◆ **EXERCISE GOAL**
A faithful copy of the entire listing is what is needed.

◆ **SOURCE DATA**
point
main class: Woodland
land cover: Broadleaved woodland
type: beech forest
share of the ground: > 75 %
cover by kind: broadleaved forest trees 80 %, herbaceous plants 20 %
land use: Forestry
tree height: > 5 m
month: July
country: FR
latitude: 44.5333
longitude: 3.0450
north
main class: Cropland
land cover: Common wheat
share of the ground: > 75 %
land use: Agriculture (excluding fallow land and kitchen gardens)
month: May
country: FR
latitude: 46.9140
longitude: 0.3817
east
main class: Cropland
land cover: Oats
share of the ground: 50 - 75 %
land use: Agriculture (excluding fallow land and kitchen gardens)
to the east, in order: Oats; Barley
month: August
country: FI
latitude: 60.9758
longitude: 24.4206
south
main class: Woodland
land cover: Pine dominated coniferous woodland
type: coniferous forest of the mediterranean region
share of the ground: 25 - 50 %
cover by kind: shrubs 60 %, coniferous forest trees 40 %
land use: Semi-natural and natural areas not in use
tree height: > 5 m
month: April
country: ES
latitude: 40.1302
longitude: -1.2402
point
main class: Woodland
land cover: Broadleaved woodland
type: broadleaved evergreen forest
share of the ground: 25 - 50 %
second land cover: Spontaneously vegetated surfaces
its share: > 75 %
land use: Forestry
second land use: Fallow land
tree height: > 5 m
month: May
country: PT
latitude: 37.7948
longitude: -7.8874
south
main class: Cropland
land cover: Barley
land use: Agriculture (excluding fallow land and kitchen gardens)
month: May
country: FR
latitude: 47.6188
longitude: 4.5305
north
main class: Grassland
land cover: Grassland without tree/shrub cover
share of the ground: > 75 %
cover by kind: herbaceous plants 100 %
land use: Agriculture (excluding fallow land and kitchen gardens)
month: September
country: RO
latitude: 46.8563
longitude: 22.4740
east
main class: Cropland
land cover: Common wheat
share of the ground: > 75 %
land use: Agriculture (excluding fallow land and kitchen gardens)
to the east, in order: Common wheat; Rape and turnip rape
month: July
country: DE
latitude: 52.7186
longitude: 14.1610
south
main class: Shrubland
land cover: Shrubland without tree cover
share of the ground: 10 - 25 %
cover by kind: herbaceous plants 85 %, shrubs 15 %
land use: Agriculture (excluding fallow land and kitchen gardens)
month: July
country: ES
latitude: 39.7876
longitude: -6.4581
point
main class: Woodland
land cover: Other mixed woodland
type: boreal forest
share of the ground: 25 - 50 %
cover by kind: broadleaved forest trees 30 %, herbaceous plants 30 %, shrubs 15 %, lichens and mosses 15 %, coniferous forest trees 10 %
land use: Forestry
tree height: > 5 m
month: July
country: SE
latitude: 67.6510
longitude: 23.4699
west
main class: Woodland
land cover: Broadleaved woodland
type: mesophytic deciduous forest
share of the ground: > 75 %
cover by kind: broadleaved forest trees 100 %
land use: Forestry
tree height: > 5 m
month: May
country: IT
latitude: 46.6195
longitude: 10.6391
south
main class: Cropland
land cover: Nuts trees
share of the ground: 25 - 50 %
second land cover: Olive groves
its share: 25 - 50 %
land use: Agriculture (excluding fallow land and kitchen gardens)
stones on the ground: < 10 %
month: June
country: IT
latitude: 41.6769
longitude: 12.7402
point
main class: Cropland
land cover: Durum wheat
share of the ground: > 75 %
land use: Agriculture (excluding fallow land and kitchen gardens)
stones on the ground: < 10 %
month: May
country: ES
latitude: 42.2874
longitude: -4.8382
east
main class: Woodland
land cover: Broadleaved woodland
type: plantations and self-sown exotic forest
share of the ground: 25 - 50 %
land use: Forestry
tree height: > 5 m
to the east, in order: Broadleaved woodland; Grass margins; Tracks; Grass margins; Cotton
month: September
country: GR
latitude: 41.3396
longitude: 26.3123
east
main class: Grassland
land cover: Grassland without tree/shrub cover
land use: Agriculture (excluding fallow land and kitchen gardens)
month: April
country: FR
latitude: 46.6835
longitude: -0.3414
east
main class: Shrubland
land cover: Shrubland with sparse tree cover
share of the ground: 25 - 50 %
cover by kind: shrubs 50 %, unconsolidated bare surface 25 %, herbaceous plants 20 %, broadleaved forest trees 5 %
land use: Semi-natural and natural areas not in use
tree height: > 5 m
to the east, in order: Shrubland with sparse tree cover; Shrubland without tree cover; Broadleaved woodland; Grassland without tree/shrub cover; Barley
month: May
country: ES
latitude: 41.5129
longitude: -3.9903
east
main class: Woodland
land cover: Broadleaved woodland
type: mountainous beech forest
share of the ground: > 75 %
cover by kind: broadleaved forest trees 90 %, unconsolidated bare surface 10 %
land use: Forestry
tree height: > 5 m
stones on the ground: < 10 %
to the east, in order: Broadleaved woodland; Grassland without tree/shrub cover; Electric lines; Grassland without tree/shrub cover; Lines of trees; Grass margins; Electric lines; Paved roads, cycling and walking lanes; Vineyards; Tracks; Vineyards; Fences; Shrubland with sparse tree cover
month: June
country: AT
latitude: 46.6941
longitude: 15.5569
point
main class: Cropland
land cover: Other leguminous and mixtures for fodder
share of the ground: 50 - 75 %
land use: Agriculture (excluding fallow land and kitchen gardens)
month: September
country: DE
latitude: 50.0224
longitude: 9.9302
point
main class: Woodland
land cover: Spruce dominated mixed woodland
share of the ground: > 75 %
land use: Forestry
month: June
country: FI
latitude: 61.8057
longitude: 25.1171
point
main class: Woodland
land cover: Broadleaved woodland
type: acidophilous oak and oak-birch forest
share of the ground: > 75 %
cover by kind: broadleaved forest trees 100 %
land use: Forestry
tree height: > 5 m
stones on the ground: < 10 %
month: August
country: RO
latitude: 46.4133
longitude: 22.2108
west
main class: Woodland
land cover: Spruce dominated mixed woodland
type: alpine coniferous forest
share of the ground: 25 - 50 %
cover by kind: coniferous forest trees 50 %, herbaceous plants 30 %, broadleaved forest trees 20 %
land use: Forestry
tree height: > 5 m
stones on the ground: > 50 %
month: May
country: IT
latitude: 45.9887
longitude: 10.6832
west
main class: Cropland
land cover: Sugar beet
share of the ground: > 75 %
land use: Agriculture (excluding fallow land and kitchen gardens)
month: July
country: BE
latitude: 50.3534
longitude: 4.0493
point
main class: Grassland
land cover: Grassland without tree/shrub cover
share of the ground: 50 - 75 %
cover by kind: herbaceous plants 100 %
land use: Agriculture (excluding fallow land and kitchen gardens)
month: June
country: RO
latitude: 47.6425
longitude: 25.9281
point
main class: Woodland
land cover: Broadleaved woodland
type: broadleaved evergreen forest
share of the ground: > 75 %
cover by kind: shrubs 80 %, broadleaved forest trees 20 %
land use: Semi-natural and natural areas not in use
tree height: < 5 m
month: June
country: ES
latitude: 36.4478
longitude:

◆ **ANSWER TO THIS EXERCISE**
point
main class: Woodland
land cover: Broadleaved woodland
type: beech forest
share of the ground: > 75 %
cover by kind: broadleaved forest trees 80 %, herbaceous plants 20 %
land use: Forestry
tree height: > 5 m
month: July
country: FR
latitude: 44.5333
longitude: 3.0450
north
main class: Cropland
land cover: Common wheat
share of the ground: > 75 %
land use: Agriculture (excluding fallow land and kitchen gardens)
month: May
country: FR
latitude: 46.9140
longitude: 0.3817
east
main class: Cropland
land cover: Oats
share of the ground: 50 - 75 %
land use: Agriculture (excluding fallow land and kitchen gardens)
to the east, in order: Oats; Barley
month: August
country: FI
latitude: 60.9758
longitude: 24.4206
south
main class: Woodland
land cover: Pine dominated coniferous woodland
type: coniferous forest of the mediterranean region
share of the ground: 25 - 50 %
cover by kind: shrubs 60 %, coniferous forest trees 40 %
land use: Semi-natural and natural areas not in use
tree height: > 5 m
month: April
country: ES
latitude: 40.1302
longitude: -1.2402
point
main class: Woodland
land cover: Broadleaved woodland
type: broadleaved evergreen forest
share of the ground: 25 - 50 %
second land cover: Spontaneously vegetated surfaces
its share: > 75 %
land use: Forestry
second land use: Fallow land
tree height: > 5 m
month: May
country: PT
latitude: 37.7948
longitude: -7.8874
south
main class: Cropland
land cover: Barley
land use: Agriculture (excluding fallow land and kitchen gardens)
month: May
country: FR
latitude: 47.6188
longitude: 4.5305
north
main class: Grassland
land cover: Grassland without tree/shrub cover
share of the ground: > 75 %
cover by kind: herbaceous plants 100 %
land use: Agriculture (excluding fallow land and kitchen gardens)
month: September
country: RO
latitude: 46.8563
longitude: 22.4740
east
main class: Cropland
land cover: Common wheat
share of the ground: > 75 %
land use: Agriculture (excluding fallow land and kitchen gardens)
to the east, in order: Common wheat; Rape and turnip rape
month: July
country: DE
latitude: 52.7186
longitude: 14.1610
south
main class: Shrubland
land cover: Shrubland without tree cover
share of the ground: 10 - 25 %
cover by kind: herbaceous plants 85 %, shrubs 15 %
land use: Agriculture (excluding fallow land and kitchen gardens)
month: July
country: ES
latitude: 39.7876
longitude: -6.4581
point
main class: Woodland
land cover: Other mixed woodland
type: boreal forest
share of the ground: 25 - 50 %
cover by kind: broadleaved forest trees 30 %, herbaceous plants 30 %, shrubs 15 %, lichens and mosses 15 %, coniferous forest trees 10 %
land use: Forestry
tree height: > 5 m
month: July
country: SE
latitude: 67.6510
longitude: 23.4699
west
main class: Woodland
land cover: Broadleaved woodland
type: mesophytic deciduous forest
share of the ground: > 75 %
cover by kind: broadleaved forest trees 100 %
land use: Forestry
tree height: > 5 m
month: May
country: IT
latitude: 46.6195
longitude: 10.6391
south
main class: Cropland
land cover: Nuts trees
share of the ground: 25 - 50 %
second land cover: Olive groves
its share: 25 - 50 %
land use: Agriculture (excluding fallow land and kitchen gardens)
stones on the ground: < 10 %
month: June
country: IT
latitude: 41.6769
longitude: 12.7402
point
main class: Cropland
land cover: Durum wheat
share of the ground: > 75 %
land use: Agriculture (excluding fallow land and kitchen gardens)
stones on the ground: < 10 %
month: May
country: ES
latitude: 42.2874
longitude: -4.8382
east
main class: Woodland
land cover: Broadleaved woodland
type: plantations and self-sown exotic forest
share of the ground: 25 - 50 %
land use: Forestry
tree height: > 5 m
to the east, in order: Broadleaved woodland; Grass margins; Tracks; Grass margins; Cotton
month: September
country: GR
latitude: 41.3396
longitude: 26.3123
east
main class: Grassland
land cover: Grassland without tree/shrub cover
land use: Agriculture (excluding fallow land and kitchen gardens)
month: April
country: FR
latitude: 46.6835
longitude: -0.3414
east
main class: Shrubland
land cover: Shrubland with sparse tree cover
share of the ground: 25 - 50 %
cover by kind: shrubs 50 %, unconsolidated bare surface 25 %, herbaceous plants 20 %, broadleaved forest trees 5 %
land use: Semi-natural and natural areas not in use
tree height: > 5 m
to the east, in order: Shrubland with sparse tree cover; Shrubland without tree cover; Broadleaved woodland; Grassland without tree/shrub cover; Barley
month: May
country: ES
latitude: 41.5129
longitude: -3.9903
east
main class: Woodland
land cover: Broadleaved woodland
type: mountainous beech forest
share of the ground: > 75 %
cover by kind: broadleaved forest trees 90 %, unconsolidated bare surface 10 %
land use: Forestry
tree height: > 5 m
stones on the ground: < 10 %
to the east, in order: Broadleaved woodland; Grassland without tree/shrub cover; Electric lines; Grassland without tree/shrub cover; Lines of trees; Grass margins; Electric lines; Paved roads, cycling and walking lanes; Vineyards; Tracks; Vineyards; Fences; Shrubland with sparse tree cover
month: June
country: AT
latitude: 46.6941
longitude: 15.5569
point
main class: Cropland
land cover: Other leguminous and mixtures for fodder
share of the ground: 50 - 75 %
land use: Agriculture (excluding fallow land and kitchen gardens)
month: September
country: DE
latitude: 50.0224
longitude: 9.9302
point
main class: Woodland
land cover: Spruce dominated mixed woodland
share of the ground: > 75 %
land use: Forestry
month: June
country: FI
latitude: 61.8057
longitude: 25.1171
point
main class: Woodland
land cover: Broadleaved woodland
type: acidophilous oak and oak-birch forest
share of the ground: > 75 %
cover by kind: broadleaved forest trees 100 %
land use: Forestry
tree height: > 5 m
stones on the ground: < 10 %
month: August
country: RO
latitude: 46.4133
longitude: 22.2108
west
main class: Woodland
land cover: Spruce dominated mixed woodland
type: alpine coniferous forest
share of the ground: 25 - 50 %
cover by kind: coniferous forest trees 50 %, herbaceous plants 30 %, broadleaved forest trees 20 %
land use: Forestry
tree height: > 5 m
stones on the ground: > 50 %
month: May
country: IT
latitude: 45.9887
longitude: 10.6832
west
main class: Cropland
land cover: Sugar beet
share of the ground: > 75 %
land use: Agriculture (excluding fallow land and kitchen gardens)
month: July
country: BE
latitude: 50.3534
longitude: 4.0493
point
main class: Grassland
land cover: Grassland without tree/shrub cover
share of the ground: 50 - 75 %
cover by kind: herbaceous plants 100 %
land use: Agriculture (excluding fallow land and kitchen gardens)
month: June
country: RO
latitude: 47.6425
longitude: 25.9281
point
main class: Woodland
land cover: Broadleaved woodland
type: broadleaved evergreen forest
share of the ground: > 75 %
cover by kind: shrubs 80 %, broadleaved forest trees 20 %
land use: Semi-natural and natural areas not in use
tree height: < 5 m
month: June
country: ES
latitude: 36.4478
longitude:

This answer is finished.